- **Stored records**
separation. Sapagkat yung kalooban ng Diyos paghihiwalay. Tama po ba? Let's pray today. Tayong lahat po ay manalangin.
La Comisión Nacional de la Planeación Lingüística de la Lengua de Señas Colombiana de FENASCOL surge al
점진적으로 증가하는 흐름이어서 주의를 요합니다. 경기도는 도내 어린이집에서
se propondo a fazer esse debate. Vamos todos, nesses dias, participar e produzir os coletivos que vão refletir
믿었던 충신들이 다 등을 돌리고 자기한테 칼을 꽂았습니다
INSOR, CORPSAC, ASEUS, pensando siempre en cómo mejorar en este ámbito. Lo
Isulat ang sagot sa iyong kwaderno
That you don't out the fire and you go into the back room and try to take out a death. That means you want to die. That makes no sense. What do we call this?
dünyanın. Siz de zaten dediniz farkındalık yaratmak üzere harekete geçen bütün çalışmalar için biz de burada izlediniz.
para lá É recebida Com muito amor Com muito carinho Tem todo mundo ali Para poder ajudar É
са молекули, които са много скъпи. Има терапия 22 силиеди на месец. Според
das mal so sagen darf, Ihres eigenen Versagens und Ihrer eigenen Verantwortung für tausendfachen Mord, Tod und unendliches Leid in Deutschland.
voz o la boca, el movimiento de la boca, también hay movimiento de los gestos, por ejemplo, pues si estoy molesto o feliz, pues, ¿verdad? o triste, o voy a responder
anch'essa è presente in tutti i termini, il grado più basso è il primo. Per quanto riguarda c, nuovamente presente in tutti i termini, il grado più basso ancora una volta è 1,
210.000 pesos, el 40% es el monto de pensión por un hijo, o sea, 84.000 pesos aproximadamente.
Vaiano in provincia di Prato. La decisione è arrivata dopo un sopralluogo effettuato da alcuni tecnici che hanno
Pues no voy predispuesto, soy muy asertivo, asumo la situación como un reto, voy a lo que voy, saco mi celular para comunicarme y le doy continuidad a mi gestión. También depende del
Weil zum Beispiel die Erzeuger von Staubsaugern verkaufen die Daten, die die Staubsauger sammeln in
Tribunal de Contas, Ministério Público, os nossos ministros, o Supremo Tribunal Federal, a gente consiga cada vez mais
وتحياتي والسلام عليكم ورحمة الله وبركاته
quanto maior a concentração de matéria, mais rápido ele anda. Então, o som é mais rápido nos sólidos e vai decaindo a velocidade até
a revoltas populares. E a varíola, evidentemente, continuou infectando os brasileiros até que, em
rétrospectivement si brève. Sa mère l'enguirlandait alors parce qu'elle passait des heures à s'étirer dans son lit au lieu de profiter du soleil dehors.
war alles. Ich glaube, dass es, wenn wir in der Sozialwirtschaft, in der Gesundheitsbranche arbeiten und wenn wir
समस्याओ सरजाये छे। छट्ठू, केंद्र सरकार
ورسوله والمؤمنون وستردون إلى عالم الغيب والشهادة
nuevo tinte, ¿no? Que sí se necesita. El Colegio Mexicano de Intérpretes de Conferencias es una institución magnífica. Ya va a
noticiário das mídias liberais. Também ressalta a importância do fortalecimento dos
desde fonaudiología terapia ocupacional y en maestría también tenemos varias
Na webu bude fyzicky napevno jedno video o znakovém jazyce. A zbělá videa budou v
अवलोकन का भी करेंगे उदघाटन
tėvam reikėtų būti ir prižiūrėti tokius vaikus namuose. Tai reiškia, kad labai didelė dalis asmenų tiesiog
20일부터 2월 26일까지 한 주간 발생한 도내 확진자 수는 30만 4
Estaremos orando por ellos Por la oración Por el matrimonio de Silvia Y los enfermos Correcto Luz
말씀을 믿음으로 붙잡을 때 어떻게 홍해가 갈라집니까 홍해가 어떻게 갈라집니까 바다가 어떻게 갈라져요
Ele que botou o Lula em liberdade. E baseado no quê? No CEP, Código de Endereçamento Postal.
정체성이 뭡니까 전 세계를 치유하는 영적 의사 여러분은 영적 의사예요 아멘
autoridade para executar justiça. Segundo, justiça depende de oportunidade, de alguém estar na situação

- **WHAT IS EXPECTED**
Look over the data above and show each line that contains "depende".

- **ANSWER FOR THE TASK**
Pues no voy predispuesto, soy muy asertivo, asumo la situación como un reto, voy a lo que voy, saco mi celular para comunicarme y le doy continuidad a mi gestión. También depende del
autoridade para executar justiça. Segundo, justiça depende de oportunidade, de alguém estar na situação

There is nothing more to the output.